A Cardinal Takes Flight

Red Schoendienst's Rookie Season
in the Kitty League

 

This article was originally published in the February-March 2004 issue of The Bull Pen Kitty League Newsletter.

 

by Kevin McCann

 

The Union City Greyhounds were in big trouble. A 5-22 record during the first month of the 1942 season left the team in the Kitty League cellar. Their losing record, coupled with the fact that America had entered World War II, kept local fans away from the ballpark.

Desperate for help, team president Cecil Moss wired a telegram to Branch Rickey of the St. Louis Cardinals. In addition to his duties as general manager, Rickey was also the overseer of the Cardinals minor league teams and the Greyhounds were part of their vast farm system. Attendance was so bad that unless something was done to bring in better players, the telegram read, the team would be forced to disband. After consulting with his scouts, Rickey began sending fresh reinforcements to Union City.

Cardinals scout Bob Finch had seen a young red-haired shortstop from Germantown, Illinois named Albert Fred Schoendienst at a tryout camp held at Sportsman’s Park. He contacted the 19-year-old, intent on signing him to play at Union City. But first he needed the signature of the youngster’s father on the contract. The elder Schoendienst was a painting contractor and Finch managed to find him working on a highway bridge. Once his father signed the contract, Albert got on a bus at Breese, Illinois bound for Bowling Green, Kentucky, where the Greyhounds were playing a road series.
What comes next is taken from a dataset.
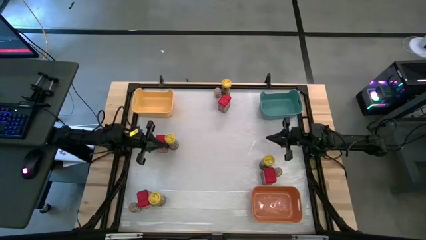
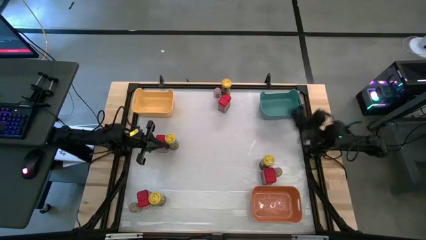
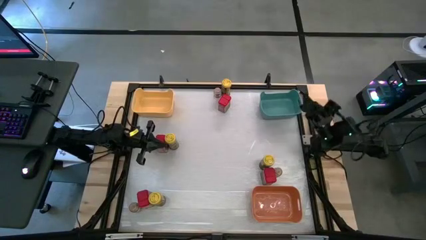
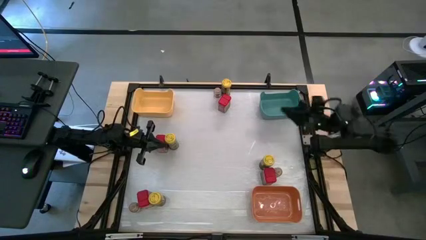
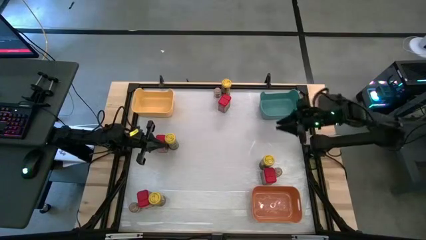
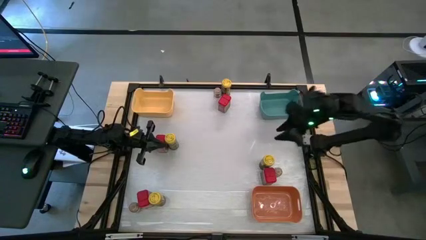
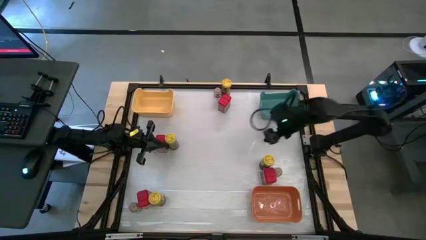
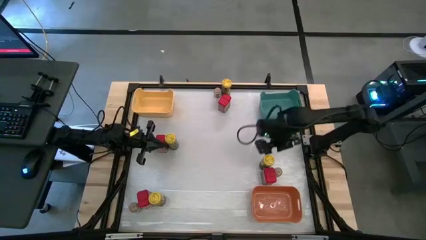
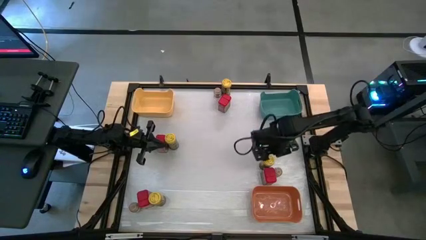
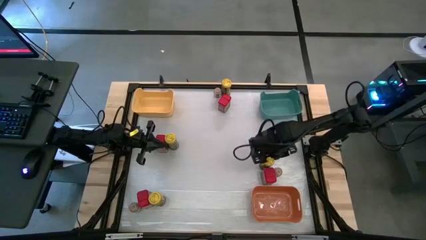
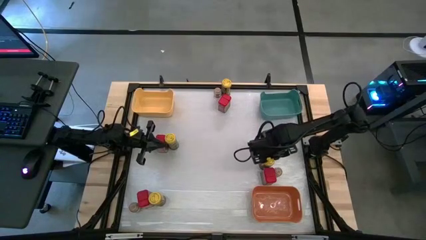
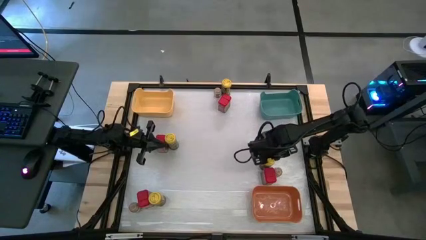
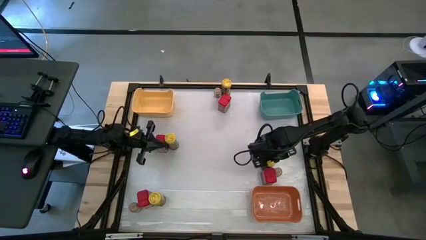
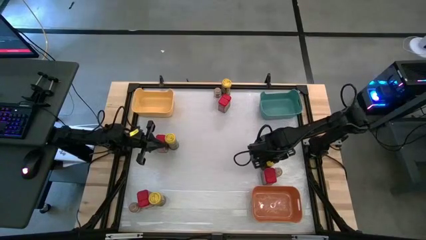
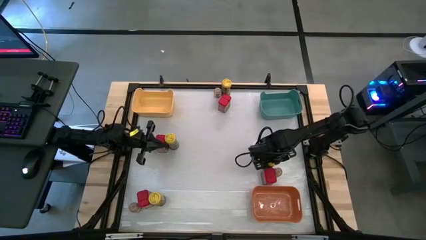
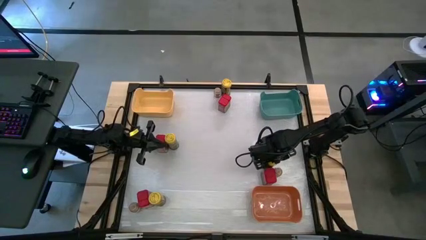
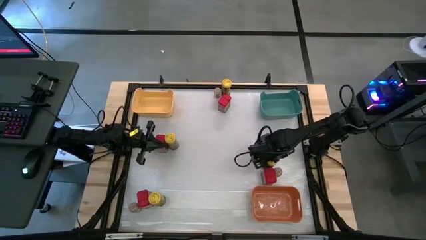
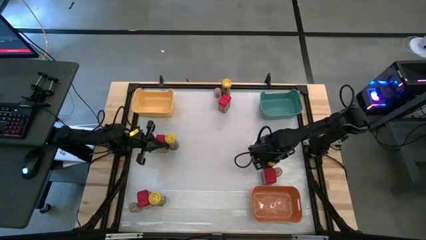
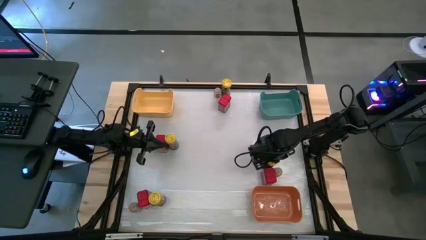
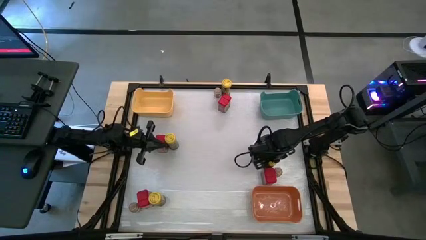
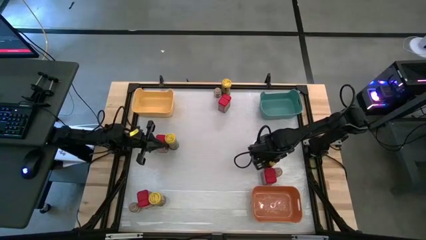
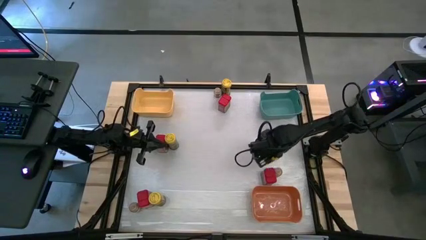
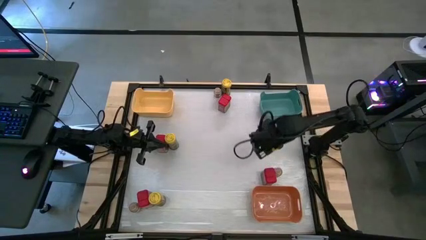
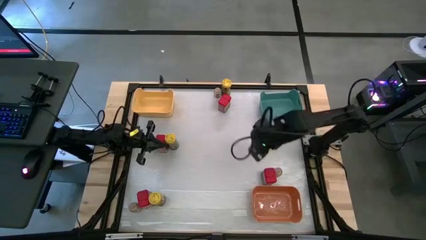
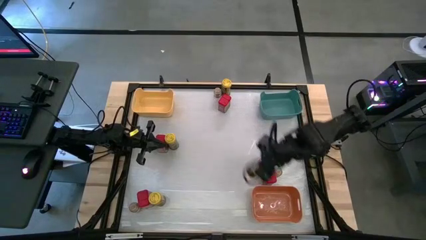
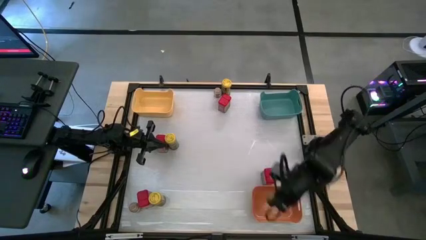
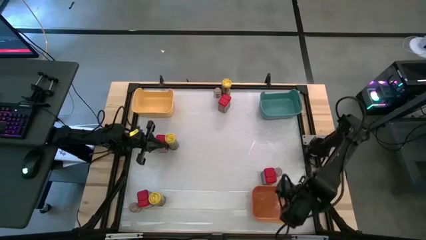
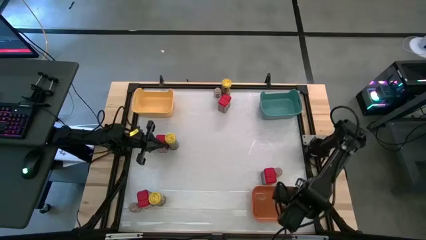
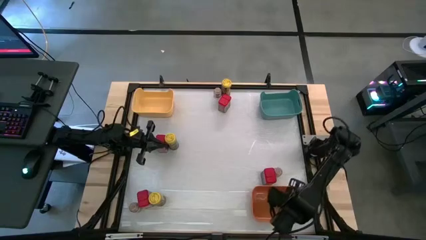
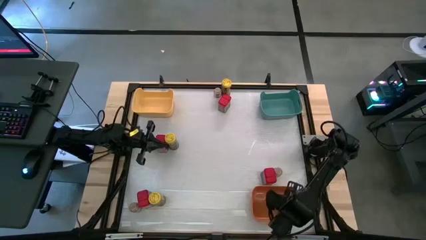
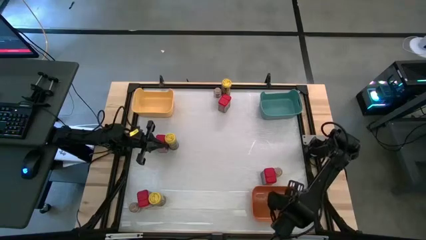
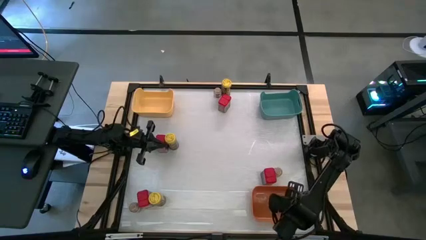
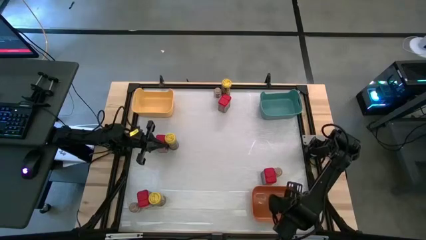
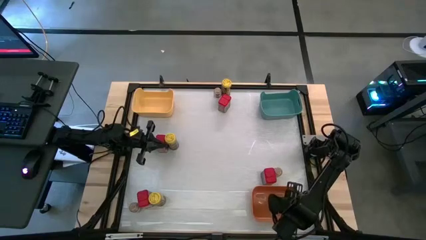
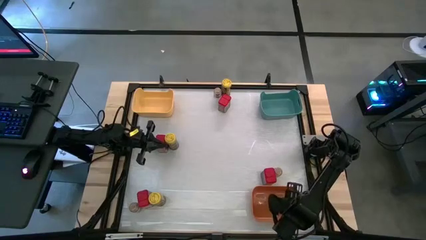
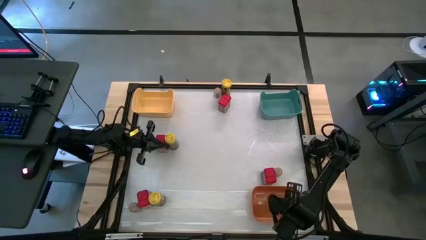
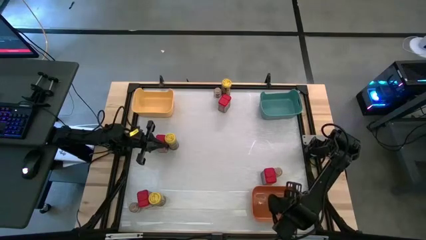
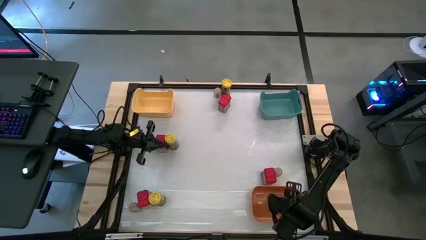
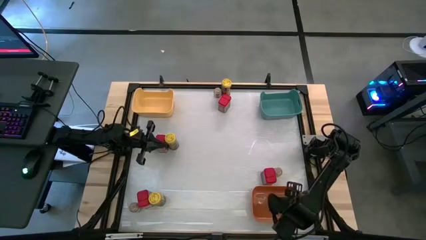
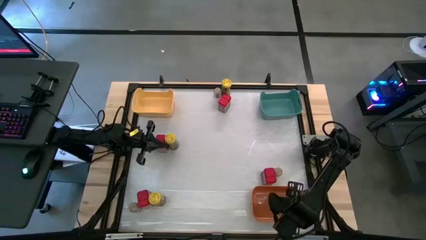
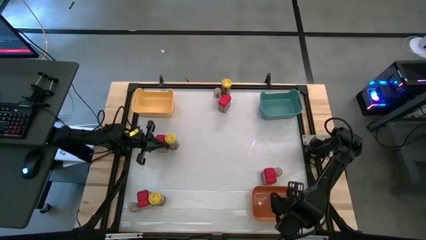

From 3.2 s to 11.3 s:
Task: Sort spices by type
Put the middle right yellow seasoning bottle into the orange bin

Al Schoendienst made his professional debut that evening—Friday, June 12, 1942—batting sixth in the lineup and playing second base. He had three hits in five at-bats, including a double and an RBI. He also turned his first double play—Schoendienst to first baseman Emerick Schmidtand committed his first error.
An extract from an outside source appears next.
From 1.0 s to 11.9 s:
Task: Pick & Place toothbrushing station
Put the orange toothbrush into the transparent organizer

The Greyhounds completed their series at Bowling Green on June 14, splitting a day-night doubleheader with the Barons. The “little second baseman,” as the writer for the Union City Daily Messenger described him, went 5-for-9 in both games, driving in two runs, scoring two runs, and stealing a base. His twin bill performance bolstered his batting average to .571, with eight hits in 14 at-bats in his first three professional games!

It was about this time that Schoendienst asked manager Everett Johnston if he could bat left-handed when facing a right-handed pitcher. “I never will forget the look on his face,” he recalled in his autobiography, Red: A Baseball Life. “He thought I was crazy — until I explained…that I couldn't pick up the curve from a right-hander without turning my head because of my problems with my left eye. (He had injured his eye—and almost lost it—three years earlier when he was hit by a nail.) (Johnston) still was a little skeptical, but he said if I wanted to try it I could.”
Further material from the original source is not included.